1998: Korn werfen ihren dritten Longplayer Follow the Leader auf den Markt und befinden sich auf dem Rockstarolymp. Spätestens jetzt ist man vom gefeierten Szenestar zum MTV-Darling mutiert. Und was macht man als solcher? Klar: Ein eigenes Label gründen natürlich! Schließlich weiss man ja am besten, was die Leute hören wollen und was sich gut verkauft.
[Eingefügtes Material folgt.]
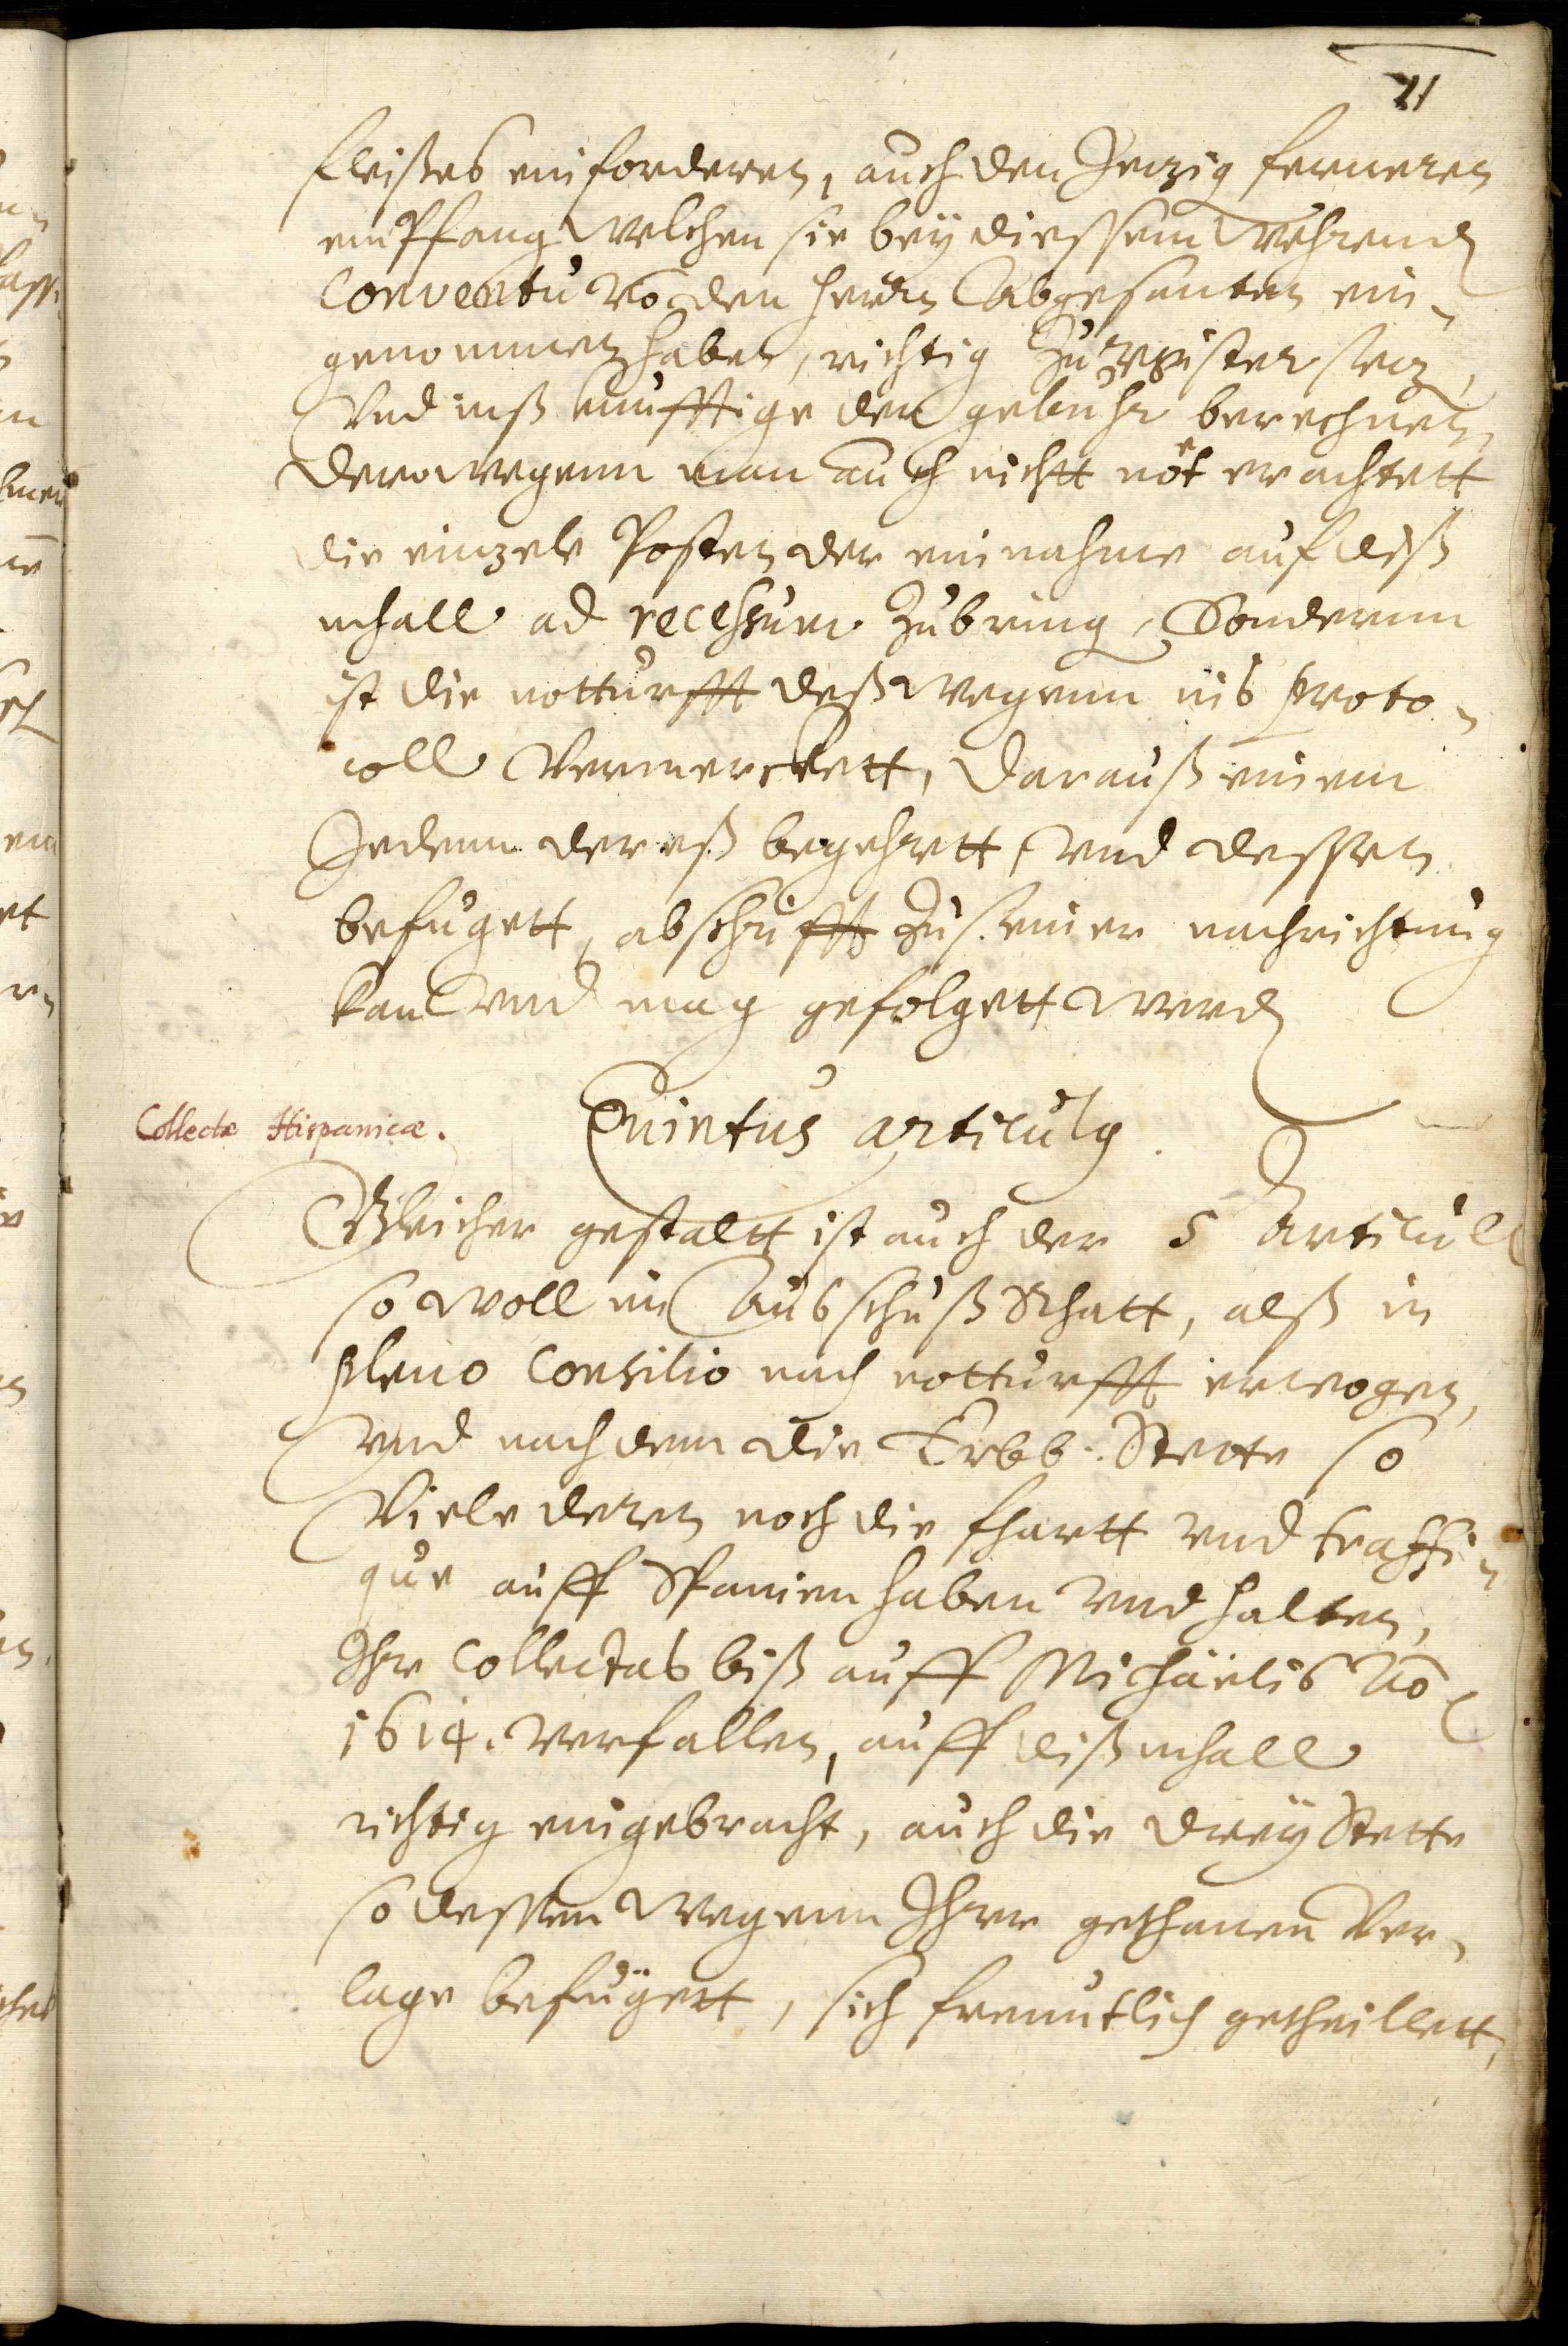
21
fleißes ein forderen, auch den jetzigen ferneren
empfang welchen sie beij diessem wehrenden
Conventu von den herren Abgesanten ein¬
genommen haben, richtig zu register setzen,
Vnd inß kunfftige der gebuhr berechnen,
dero wegenn man auch nichtt noet erachtett
die einzele Posten der einnahme auf diß
mhall ad recessum zubringen, Sondernn
ist die notturfft deßwegenn ins proto¬
coll Vermerckett, darauß einem
Jedenn der eß begehrett, vnd dessen
befugett, abschrifft Zu seiner nachrichtung
kan vnd mag gefolgett werden
Collectae Hispanicae.
Quintus articulus.
Gleicher gestaltt ist auch der 5 Articull
so woll in Ausschuß Rhatt, alß in
pleno Consilio nach notturfft erwogen,
vnd nach dem die Erbb: Stette so
Viele deren noch die fhartt vnd traffi¬
que auff Spanien haben vnd halten,
Ihr collectat biß auff Michaelis Anno p
1614. verfallen, auff dißmhall
richtig eingebracht, auch die dreij Stette
so dessen wegenn Ihrer gethanen Ver¬
lage befugett, sich freuntlich getheillett,

Was sich in der Theorie absolut schrecklich anhört, erwies sich in der Realität allerdings als durchaus reizvoll.

Ob absichtlich oder nicht: Das Korn Label Elementree präsentierte von 1998 bis 2006 Künstler, die sowohl musikalisch als auch optisch und thematisch eine ähnliche Kerbe beackerten (der eigentliche Grundgedanke hinter der Idee eines Labels…). Nun gut, bei einer mikrigen Anzahl von nur 3 Acts dürfte das allerdings ein nicht allzu schwieriges Unterfangen gewesen sein…
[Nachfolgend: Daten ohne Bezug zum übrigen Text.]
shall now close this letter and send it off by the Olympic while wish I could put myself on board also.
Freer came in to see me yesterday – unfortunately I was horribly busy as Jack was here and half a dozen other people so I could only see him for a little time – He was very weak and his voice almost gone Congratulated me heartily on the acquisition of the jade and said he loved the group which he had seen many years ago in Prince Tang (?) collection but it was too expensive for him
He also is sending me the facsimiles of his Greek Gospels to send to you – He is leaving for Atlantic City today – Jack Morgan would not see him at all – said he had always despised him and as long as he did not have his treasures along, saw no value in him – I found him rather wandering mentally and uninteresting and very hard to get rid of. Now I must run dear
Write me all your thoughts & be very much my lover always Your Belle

Fälschlicherweise werden die Elementreekünstler dank ihrer New Metal – Ziehväter oft in eben diesen Kontext gestopft, wo sie musikalisch aber eigentlich nicht wirklich hingehören. Zwar hat man auch bei Elementree tief in den Schminktopf gegriffen und mit K-razy Bühnenoutfits, Instrumenten und Frisuren herumexperimentiert, doch hatte das Ganze einen unübersehbaren Sci-Fi-Anstrich, der sich auch deutlich in der Musik der kalifornischen Bands niederschlug: Futuristische Texte treffen auf sehr synthie- und samplelastige Gitarrenmusik, die größtenteils wohl eher im Industrial/Glam Bereich anzusiedeln ist.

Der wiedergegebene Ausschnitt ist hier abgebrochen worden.